WHAT IS NEEDED:
Keep the images out and copy every entry below exactly.

Dataset items:

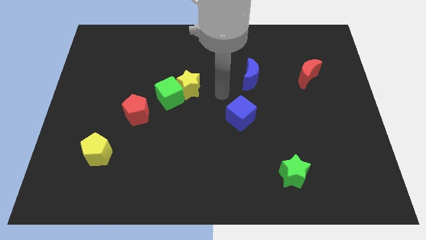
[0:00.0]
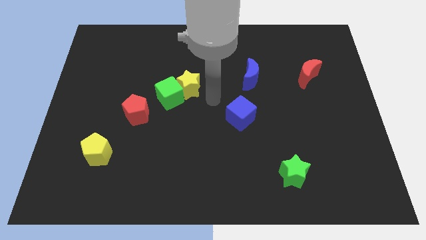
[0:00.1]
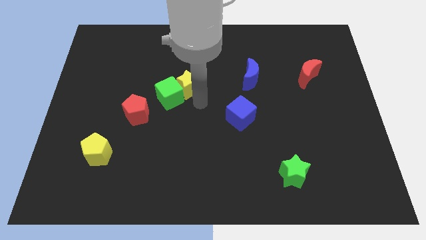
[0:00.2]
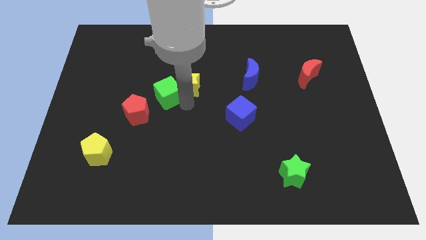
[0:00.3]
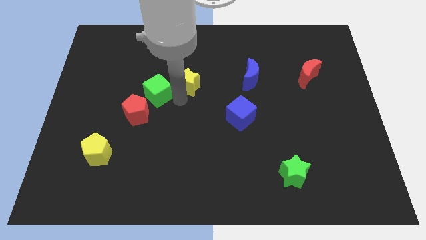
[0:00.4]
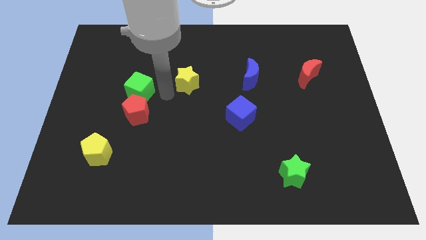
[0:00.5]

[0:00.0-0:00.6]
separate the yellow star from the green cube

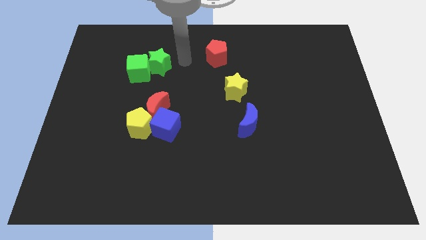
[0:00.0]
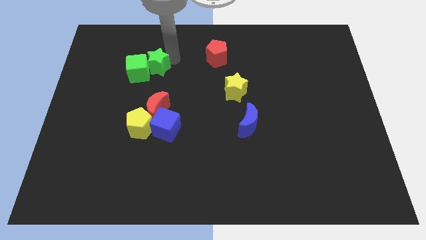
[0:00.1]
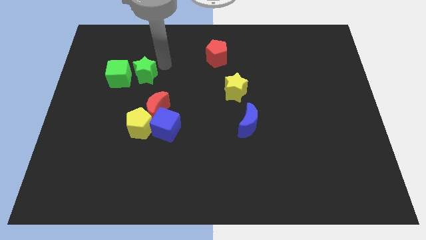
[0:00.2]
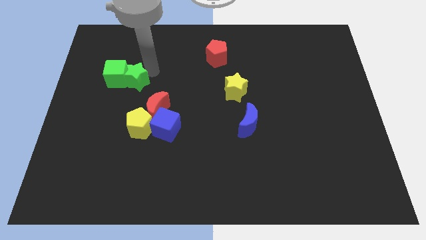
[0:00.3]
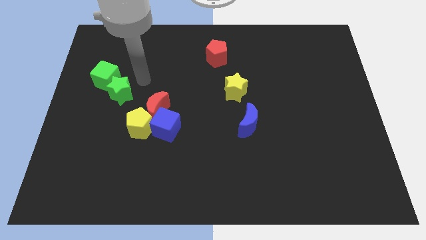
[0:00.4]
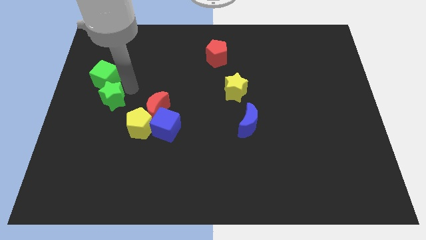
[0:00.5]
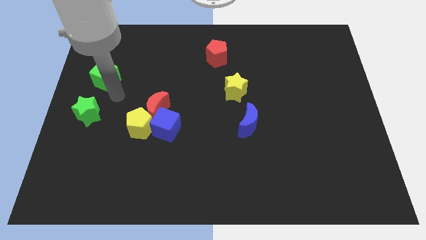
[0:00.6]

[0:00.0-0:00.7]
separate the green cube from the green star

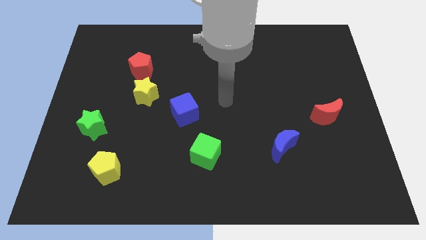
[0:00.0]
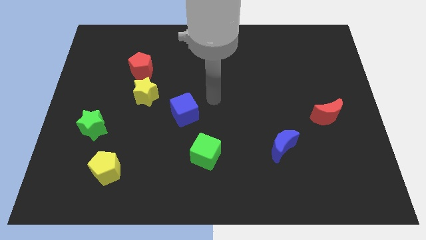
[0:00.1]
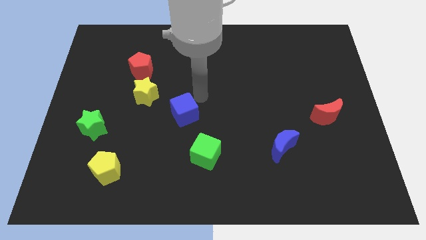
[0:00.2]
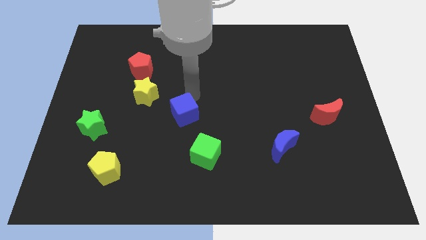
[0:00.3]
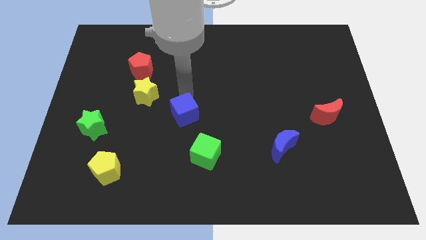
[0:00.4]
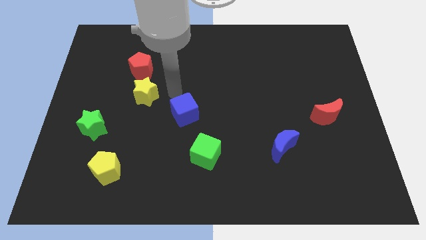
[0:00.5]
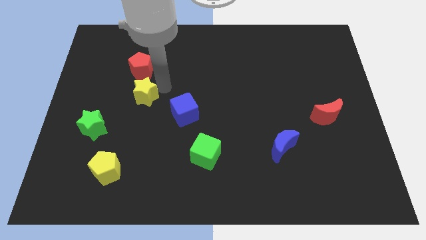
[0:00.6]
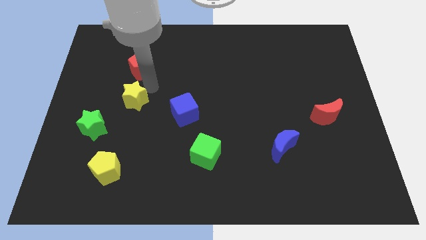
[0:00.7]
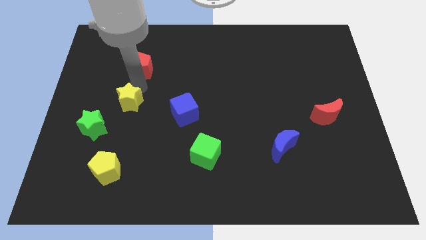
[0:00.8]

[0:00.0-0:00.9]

RESPONSE TO THIS EXERCISE:
[0:00.0]
[0:00.1]
[0:00.2]
[0:00.3]
[0:00.4]
[0:00.5]

[0:00.0-0:00.6]
separate the yellow star from the green cube

[0:00.0]
[0:00.1]
[0:00.2]
[0:00.3]
[0:00.4]
[0:00.5]
[0:00.6]

[0:00.0-0:00.7]
separate the green cube from the green star

[0:00.0]
[0:00.1]
[0:00.2]
[0:00.3]
[0:00.4]
[0:00.5]
[0:00.6]
[0:00.7]
[0:00.8]

[0:00.0-0:00.9]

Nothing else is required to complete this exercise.